# German Mantis Book



## ellroy (Feb 11, 2006)

Geez, wish I could sprechen ze deutsch.....this book looks great:

http://www.ms-verlag.de/index.php?58&amp;b...tt_products=464

I did try running the text on the page thru a translater site but it was a bit lame.

Perhaps it will be reprinted in English??

Alan


----------



## Ian (Feb 11, 2006)

wow, nice find alan! That does look like a pretty class book...have you contacted the place to see if they do english versions?


----------



## ellroy (Feb 11, 2006)

Nein....I didn't feel I could overcome the language barrier. I thought some of our German friends might know of it.

**Edit** I have contacted the publisher through the website, will keep you posted


----------



## Christian (Feb 11, 2006)

Hi.

I mentioned this one in another post. The first edition is in German only. However, it may be possible that the author is on the way to a second edition, in which the revisions which were undertook afterwards are to be included. He was also searching for someone to translate it into English. I do not know if he is proceeding with this. Maybe your request will be answered by the publisher.

Regards,

Christian


----------



## JoshTopp (Feb 12, 2006)

That sounds like an awsome book, i can speak/read some german so I figured it would be worth it, but it comes out to about $71 if you check the exchange rate, alittle pricey for a book right, later maybe.


----------



## Chris Dickie (Feb 12, 2006)

you can get this in the UK but you would have to be pretty fluent in German, I can cope with the basics but thats about it

I'm sure I saw a copy at last years Kettering Show


----------



## ellroy (Feb 13, 2006)

Hi,

Reply from publisher....not available in English, did not mention any plans for it either,

cheers

Alan


----------



## francisco (Feb 14, 2006)

Hello ALl,

I have one copy of that book I think it was like 100 dollars, and it was send to my by a friend in England. I don't speak German but it is a great reference book with lots of pictures.

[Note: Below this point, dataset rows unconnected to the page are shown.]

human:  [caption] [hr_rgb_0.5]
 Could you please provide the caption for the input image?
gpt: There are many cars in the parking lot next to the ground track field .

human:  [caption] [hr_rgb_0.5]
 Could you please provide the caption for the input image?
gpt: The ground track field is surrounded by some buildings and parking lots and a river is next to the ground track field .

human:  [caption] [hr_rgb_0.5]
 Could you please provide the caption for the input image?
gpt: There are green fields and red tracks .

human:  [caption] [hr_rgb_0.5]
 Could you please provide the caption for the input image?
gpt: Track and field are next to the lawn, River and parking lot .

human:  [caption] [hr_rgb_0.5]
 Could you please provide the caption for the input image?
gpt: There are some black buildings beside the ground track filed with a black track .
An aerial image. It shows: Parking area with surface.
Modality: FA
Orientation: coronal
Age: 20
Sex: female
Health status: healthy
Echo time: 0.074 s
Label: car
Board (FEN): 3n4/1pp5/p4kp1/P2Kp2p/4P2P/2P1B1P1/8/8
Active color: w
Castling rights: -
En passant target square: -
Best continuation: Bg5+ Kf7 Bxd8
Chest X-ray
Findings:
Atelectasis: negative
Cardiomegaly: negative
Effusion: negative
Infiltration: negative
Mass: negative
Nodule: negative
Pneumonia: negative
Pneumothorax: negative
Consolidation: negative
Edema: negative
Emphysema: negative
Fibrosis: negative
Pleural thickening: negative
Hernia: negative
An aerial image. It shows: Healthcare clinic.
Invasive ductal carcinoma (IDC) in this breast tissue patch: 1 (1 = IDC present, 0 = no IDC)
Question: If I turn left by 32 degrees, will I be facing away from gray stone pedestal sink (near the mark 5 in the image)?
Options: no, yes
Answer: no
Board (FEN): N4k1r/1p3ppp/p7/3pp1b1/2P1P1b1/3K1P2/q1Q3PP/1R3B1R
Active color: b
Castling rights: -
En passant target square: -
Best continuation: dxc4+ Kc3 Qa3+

I belive Insectus told me that he knows the guys who took some of the pics and metion also that they were thinking about coming out with an english version,lets just hope.

Perhaps if we ask the plubisher a lot of times he might consider that option.

Regards

FT


----------



## Chris Dickie (Feb 14, 2006)

If I remember right it is a publisher which sells english books, mainly about reptiles, so there is a chance


----------